Bonhoeffer selbst erhob früh den Anspruch entlang des „realen Gang[s] der Dinge von der Einheit
durch Bruch zur Einheit“ (DBW1, S. 36) die Gemeinschaften korrumpierende Macht der Sünde
theoretisch fassbar machen zu wollen. Dazu entwarf er ein anspruchsvolles Person- und
Sozialitätskonzept, das er letztlich aus einer soziologischen Anwendung der Monadologie Leibniz’
gewinnt. Die (heils-)geschichtliche Anlage seiner Hamartiologie baut er in seinen späteren Schriften
schließlich weiter aus, etwa in der Rede von der „gefallen-fallenden“ Menschheit (DBW3, S. 112).

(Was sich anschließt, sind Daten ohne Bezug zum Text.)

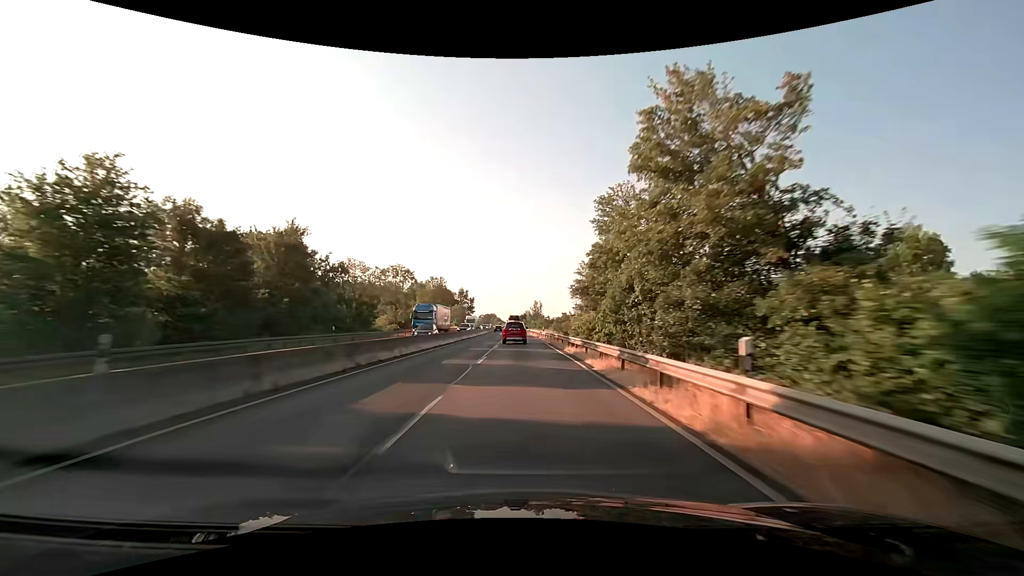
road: trunk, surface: asphalt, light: Day
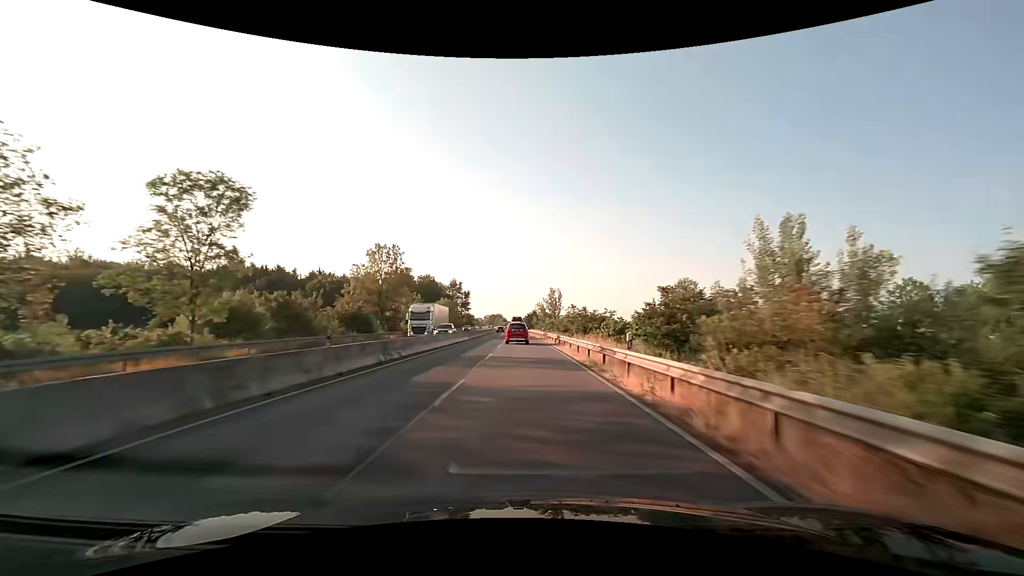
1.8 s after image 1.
(-0.4, +44.8) m; -1°
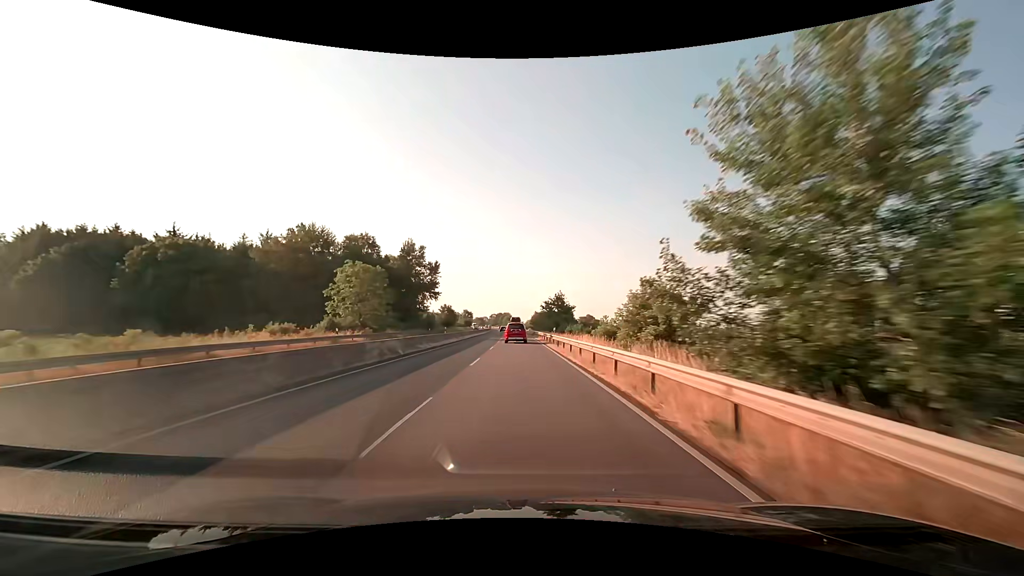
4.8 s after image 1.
(-0.7, +75.7) m; -1°
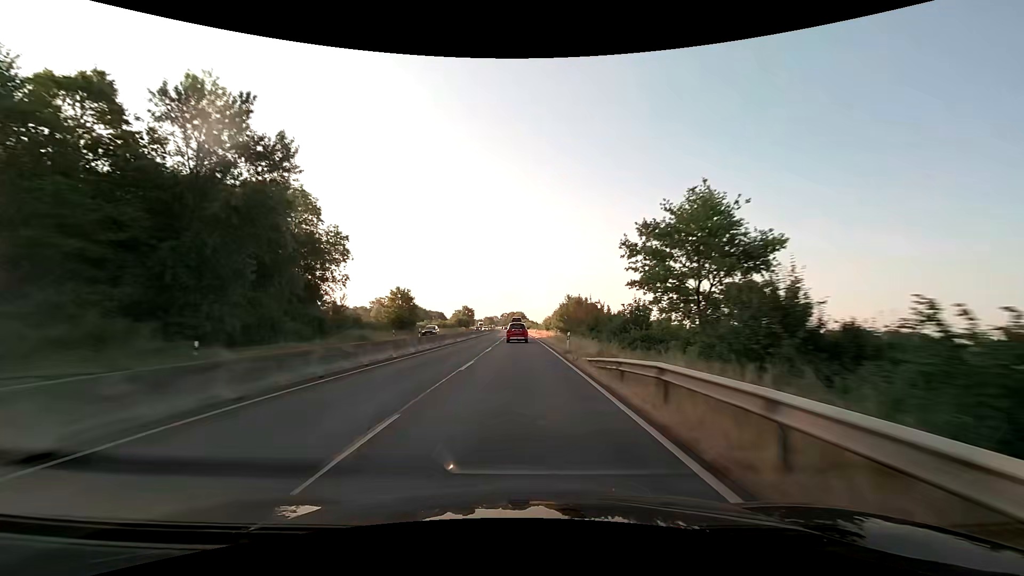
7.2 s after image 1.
(-0.6, +61.9) m; -1°
(0, +10) (0, +20) (0, +30) (0, +40) (0, +50) (-1, +60) (-1, +70) (-1, +80) (-1, +90) (-2, +100) m

Obwohl nur wenige explizit hamartiologische Arbeiten Bonhoeffers vorliegen, stellt die
Sündenlehre ein durchgängiges Hintergrundthema seiner Schriften dar. Aus diesen wird deutlich,
dass für Bonhoeffer die Sünde ihren Ort in den zwischenmenschlichen Beziehungen und damit – da
diese seiner Ansicht nach vom Gott-Mensch-Verhältnis konstitutiv abhängen – in der
Gottesbeziehung hat. Als „schwerste Sünde“ bezeichnet er daher konsequent den „Unglauben gegen
das Evangelium“ (DBW4, S. 203), das in nuce allein zu begreifen sei als Jesu Auftrag und Zuspruch
des „Sorget nicht!“ (vgl. DBW4, S. 172). Auf verschiedenen Ebenen stelle der Mensch in und durch
seine Selbstsorge Gottes Gebot, Gnade und Fürsorge in Zweifel und fliehe so vor Gott in ein
verzweifeltes Selbst-sein-wollen (Kierkegaard), das im Versuch „durch Sorge sorglos zu werden“
(DBW4, S. 171) scheitern muss. Zwischenmenschlich spiegle sich diese gebrochene Gemeinschaft
mit Gott in einem „ethischen Atomismus“ des Eigensinns und Misstrauens wider (DBW1, S. 70).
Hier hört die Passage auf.